I. Adopt an attitude that helps relationships.
This attitude is characterized by three principles.
A. Let everyone be quick to listen.
1. Not just quick to hear – quick to listen.
2. Listening involves not just the syllables and words. It
involves hearing the heart.
3. A person who has truly listened ought to be able to repeat
the message back to the speaker with clear understanding.
4. Let me give you a proverb. Prov. 18:13 “He who answers
before listening, that is his folly and his shame.”

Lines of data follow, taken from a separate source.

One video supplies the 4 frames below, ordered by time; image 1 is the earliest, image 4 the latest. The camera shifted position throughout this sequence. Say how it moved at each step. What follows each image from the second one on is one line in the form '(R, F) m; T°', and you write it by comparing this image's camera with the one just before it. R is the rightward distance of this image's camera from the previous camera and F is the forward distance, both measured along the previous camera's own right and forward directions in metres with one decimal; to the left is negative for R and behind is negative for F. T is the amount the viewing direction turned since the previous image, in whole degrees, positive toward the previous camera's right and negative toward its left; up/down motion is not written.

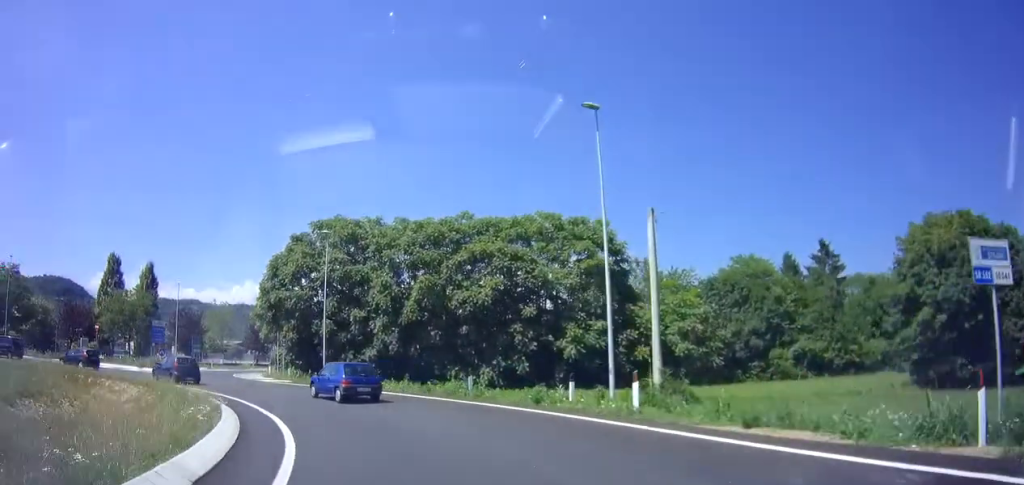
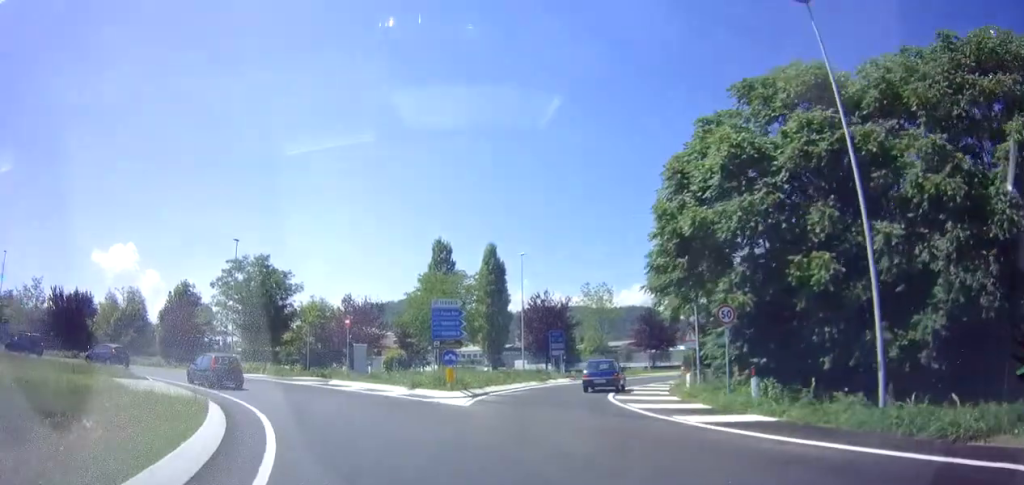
(-7.6, +20.2) m; -43°
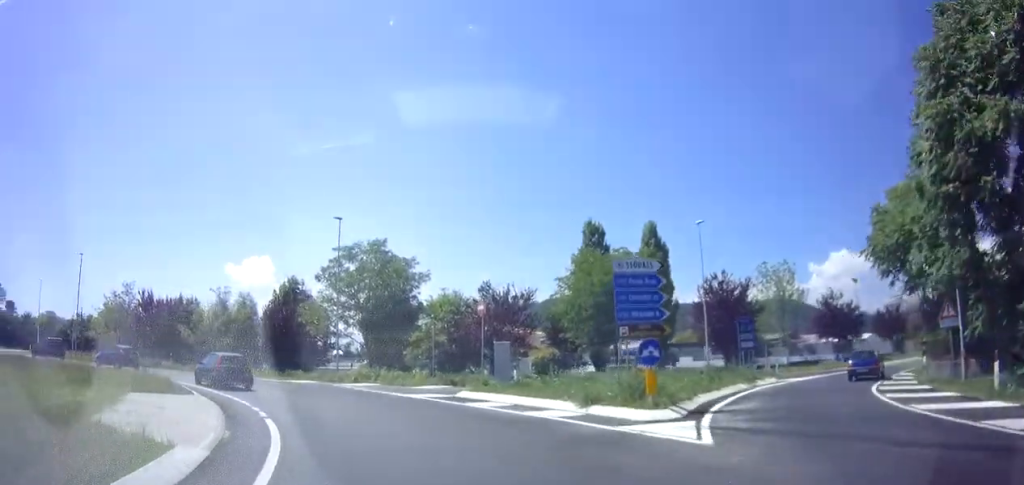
(-0.9, +8.3) m; -15°
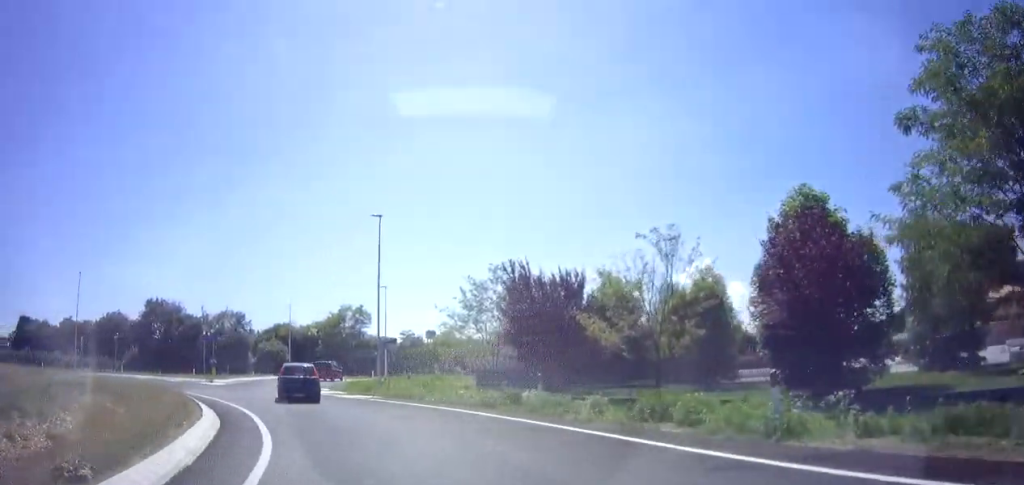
(-9.7, +22.1) m; -48°

5. When we fail to listen, all kinds of problems occur. We
misinterpret, we jump to conclusions, we demonstrate a
lack of respect for the other person.
ILL: Erik Wiehenmayer reached the summit of Mt. Everest on May 25, 2001. 90% of the climbers who attempt this feat fail. 165 had died trying since 1953. That is amazing in itself. What makes Erik’s climb even more amazing is that he has been blind since he was 13. How did he succeed? Because he listened well. He listened for a bell tied to the back of the climber in front of him. He listened for instructions of team mates who would shout directions to him. He listened for the sound of his pick jabbing the ice to know whether it was safe to cross. He made the summit because he listened well.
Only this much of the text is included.